An article for the Cathedral Times
by the Rev. Canon George Maxwell, Vicar
It’s finally here!
We’re back from our parish retreat. School is out—or will be next week. It’s time to turn our attention to the summer.
The season invites us to slow down and run at a different pace. I am aware, though, that I often react to the days getting longer as if I just heard the starting gun calling me to run a different race. I find myself changing what I am doing, but not how I am doing it. I know I should thankfully be planning to get more rest, but instead I am eagerly charting out ways to get better at play. I am imagining more activities, more trips, more camps, more reading, and more prayer than the season can bear. It never occurred to me to do nothing.
In her book How to Do Nothing: Resisting the Attention Economy, Jenny Odell suggests another way. She invites us to put productivity aside and to cultivate presence, attention, and relational depth instead. Odell argues that the attention economy has hijacked our capacity to notice the world around us. It isn’t just a problem of distraction, she says; it’s a problem of meaning. “The point of doing nothing,” she explains, “isn’t to return to work refreshed, ready to be more productive. It’s to resist the idea that our worth is tied to productivity at all.” In this light, summer becomes more than a vacation season—it becomes a portal to deeper forms of attention and belonging.
To slow down is not to withdraw entirely but to reorient one’s attention. It’s about learning to see again. Odell describes time spent outside observing birds, plants, and the subtle shifts of season. “Nothing” became something—a radical noticing. In the summer months, when nature is in full display, we are offered similar opportunities: the whir of cicadas, the swell of fruit on a backyard vine, the smell of soil after an afternoon storm. Slowing down means attuning ourselves to these overlooked presences and letting them reshape our inner pace.

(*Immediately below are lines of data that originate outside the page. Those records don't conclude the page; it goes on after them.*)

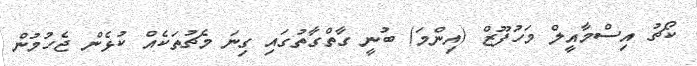
ކޯޗު އިސްމާއީލް މަހުފޫޒް (އިންމަ) ބުނީ ގާތްގާތުގައި ގިނަ މެޗުތަކެއް ކުޅެން ޖެހުމުން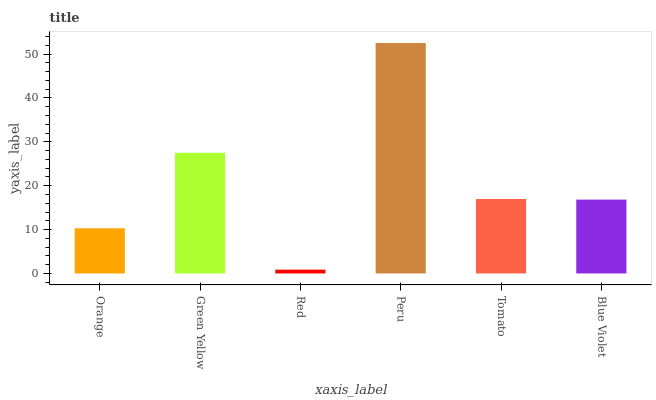
| xaxis_label | bars |
 | --- | --- |
 | Orange | 10.3 |
 | Green Yellow | 27.5 |
 | Red | 0.869 |
 | Peru | 52.5 |
 | Tomato | 17 |
 | Blue Violet | 16.8 |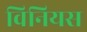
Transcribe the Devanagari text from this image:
विनियस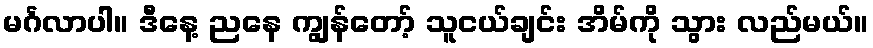
မင်္ဂလာပါ။ ဒီနေ့ ညနေ ကျွန်တော့် သူငယ်ချင်း အိမ်ကို သွား လည်မယ်။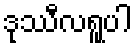
ဒုဿီလရူပါ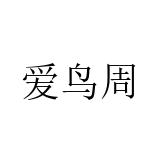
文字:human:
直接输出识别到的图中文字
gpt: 爱鸟周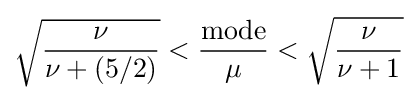
{\sqrt {\frac {\nu }{\nu +(5/2)}}}<{\frac {\mathrm {mode} }{\mu }}<{\sqrt {\frac {\nu }{\nu +1}}}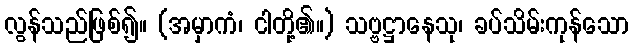
လွန်သည်ဖြစ်၍။ (အမှာကံ၊ ငါတို့၏။) သဗ္ဗဋ္ဌာနေသု၊ ခပ်သိမ်းကုန်သော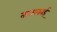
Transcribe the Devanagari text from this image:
तारास्काई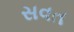
સવત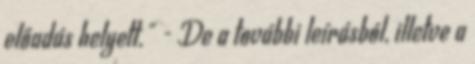
előadás helyett." - De a további leí­rásból, illetve a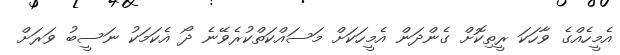
އެމީހެއްގެ ވާހަކަ ރީތިކޮށް ގެންދަން އެމީހަކަށް މަސައްކަތްކުރެވޭނެ ދޯ އެކަމަކު ނަސީބު ވަރަށް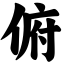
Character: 俯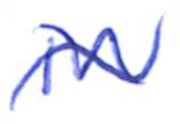
Text: is
Cross-out: wave
Writing tool: ballpoint

Odell’s practice is deeply rooted in place. She encourages us to “leave the screen and go outside,” not merely for exercise, but for immersion in what is right before us. When life spills outdoors—into parks, porches, and sidewalks—it’s good to notice where we are. It’s good to return to a favorite bench or walking trail, not for the sake of achieving a fitness goal, but for the joy of being somewhere fully. What Odell calls “situated awareness” is an antidote to the disembodied abstraction of online life. It roots us in community, ecology, and memory.
Slowing down, however, is not always easy. It means facing boredom, discomfort, or the fear of falling behind. But Odell invites us to see slowness as an ethical act. When we stop speeding through life, we become more available—to others, to the land, to ourselves. Relationships flourish in time-rich spaces. Communities deepen when people are not perpetually rushing past each other. And most counterculturally, when we slow down, we begin to imagine alternatives to the systems that demand constant hustle. “Doing nothing,” Odell insists, “is about reclaiming our time and attention as our own.”
This summer, I invite you to join me in slowing down and from time to time doing nothing -- not as an accident but as a calling. Jenny Odell’s work reminds us that slowing down is different from checking out. Rather, it is a turning toward the world—not the world as marketed to us, but the world as it is full of nuance, wonder, and slow unfolding. To heed her invitation is to let summer be summer—not a season to conquer, but a season to dwell in.
This summer, we might try doing less and noticing more. We just might realize that, as Odell reminds us, nothing is not an absence, it’s a space where something deeper can grow. It’s where we will find the presence of God and in doing so discover more of ourselves.